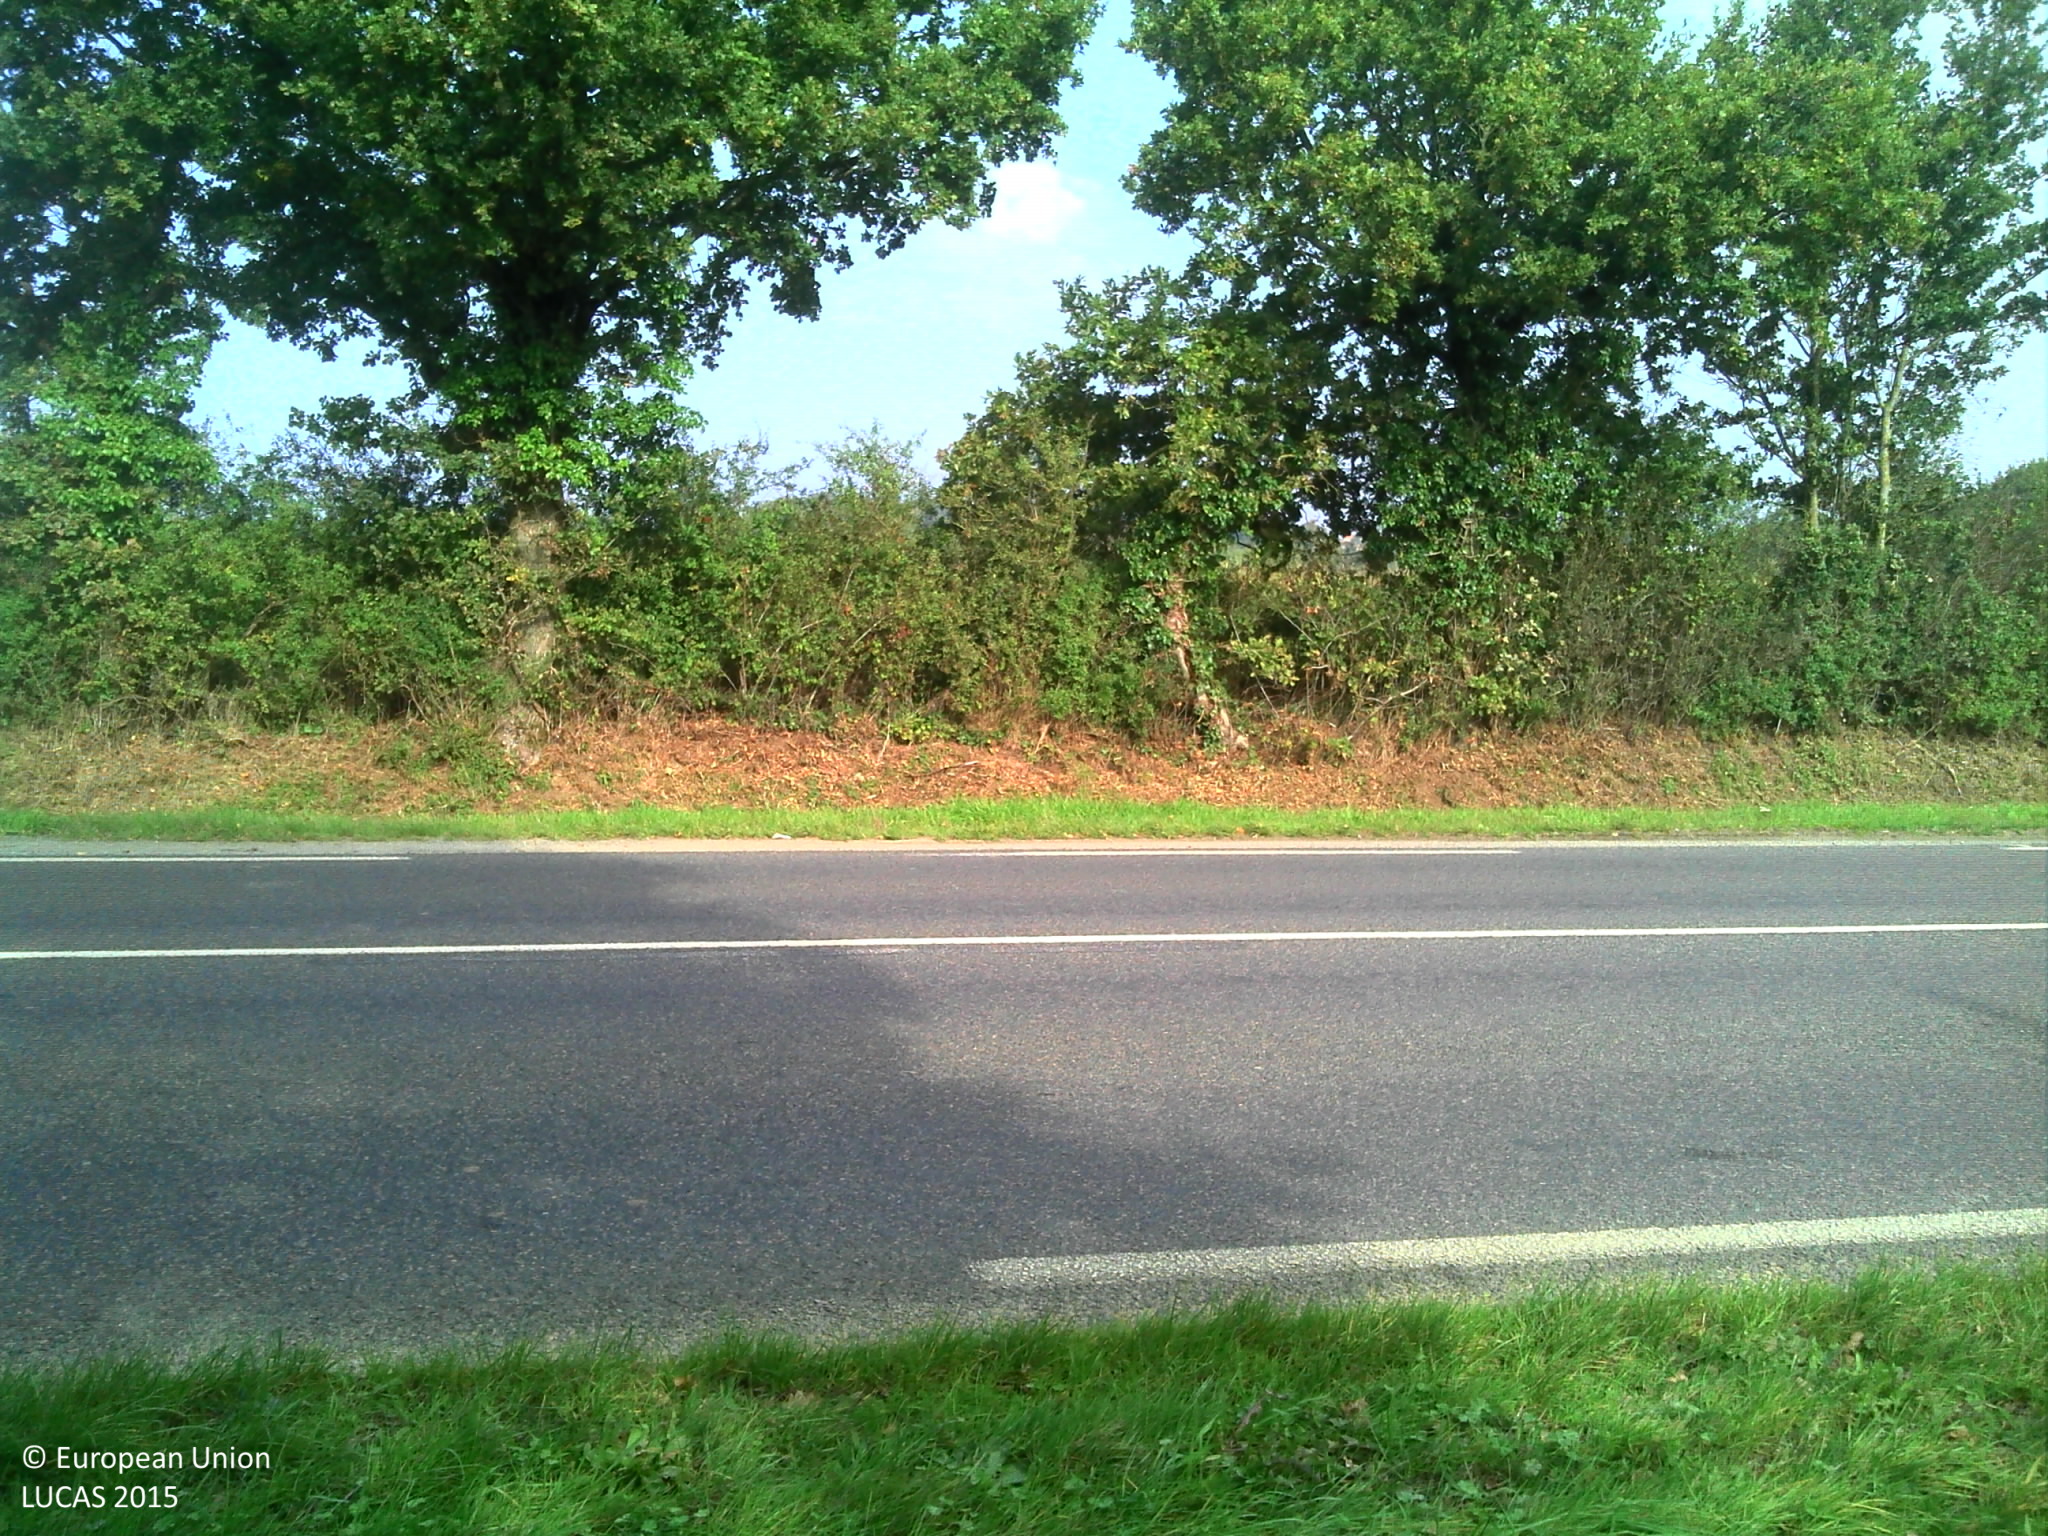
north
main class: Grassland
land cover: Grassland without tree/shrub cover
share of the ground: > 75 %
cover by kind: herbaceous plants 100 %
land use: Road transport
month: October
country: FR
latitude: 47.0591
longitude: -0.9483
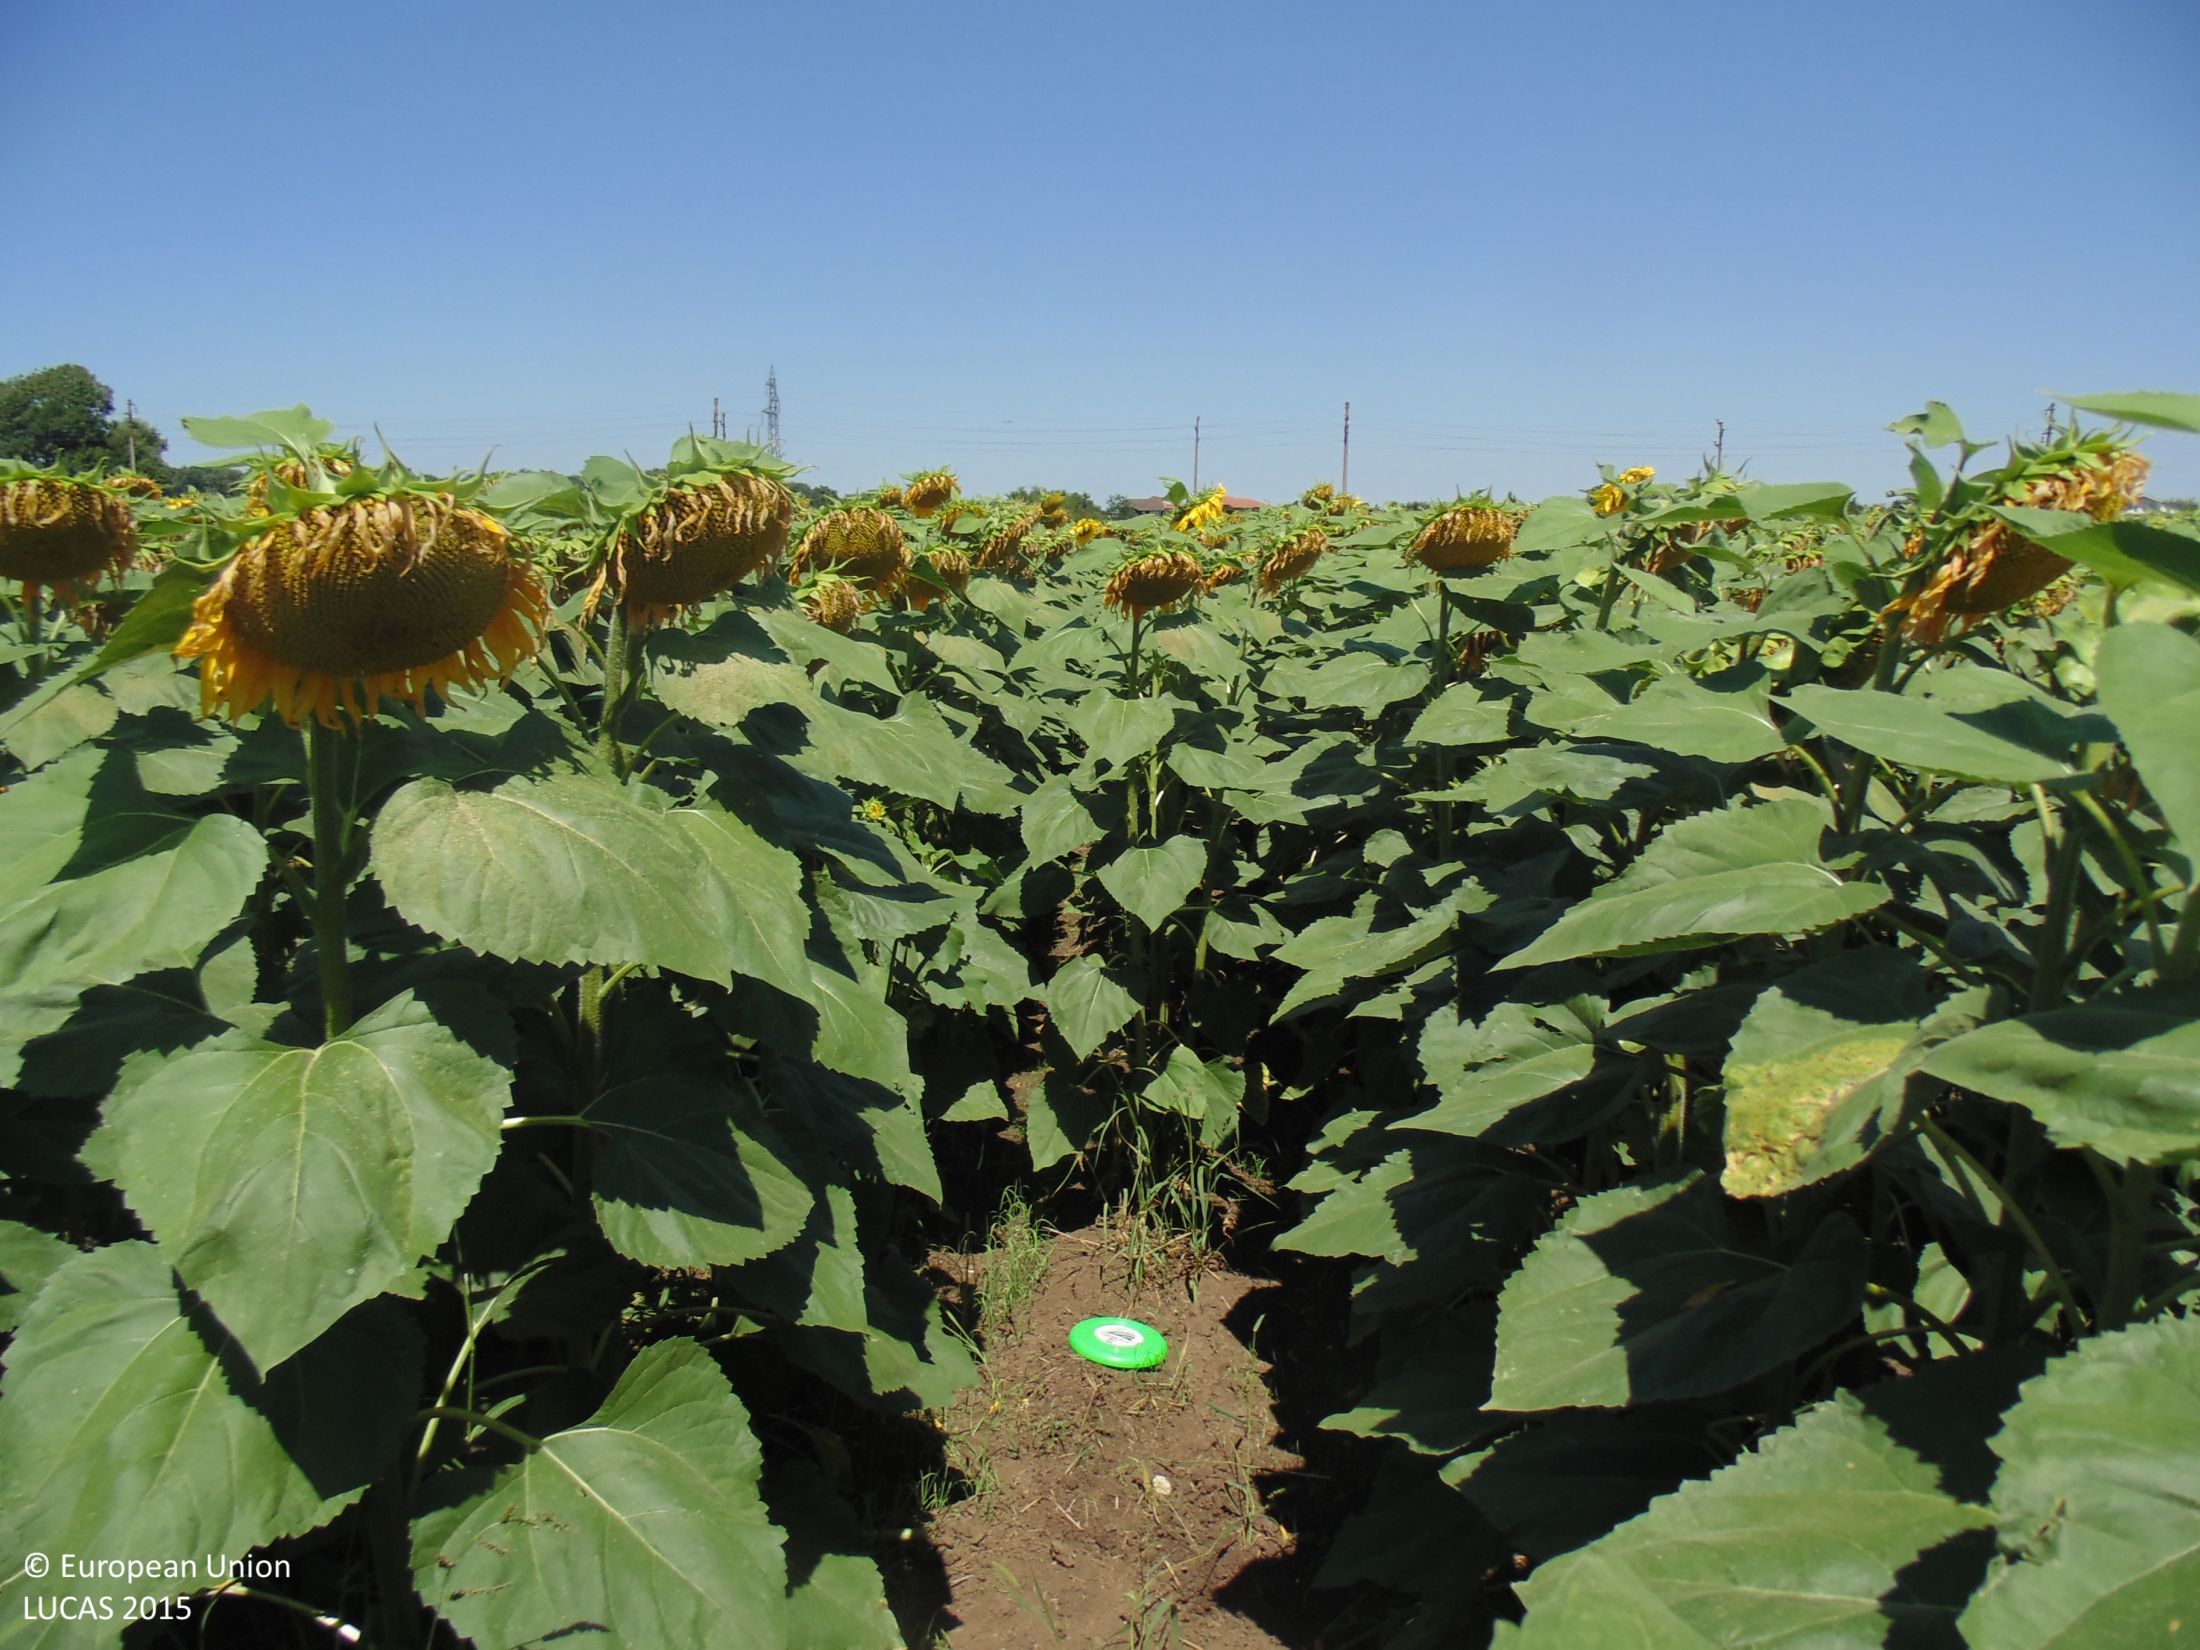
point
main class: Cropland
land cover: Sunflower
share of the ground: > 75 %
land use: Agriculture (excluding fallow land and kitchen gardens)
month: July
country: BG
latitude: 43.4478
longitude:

TASK:
Transcribe the records above exactly, excluding every picture.

TASK RESULT:
north
main class: Grassland
land cover: Grassland without tree/shrub cover
share of the ground: > 75 %
cover by kind: herbaceous plants 100 %
land use: Road transport
month: October
country: FR
latitude: 47.0591
longitude: -0.9483
point
main class: Cropland
land cover: Sunflower
share of the ground: > 75 %
land use: Agriculture (excluding fallow land and kitchen gardens)
month: July
country: BG
latitude: 43.4478
longitude:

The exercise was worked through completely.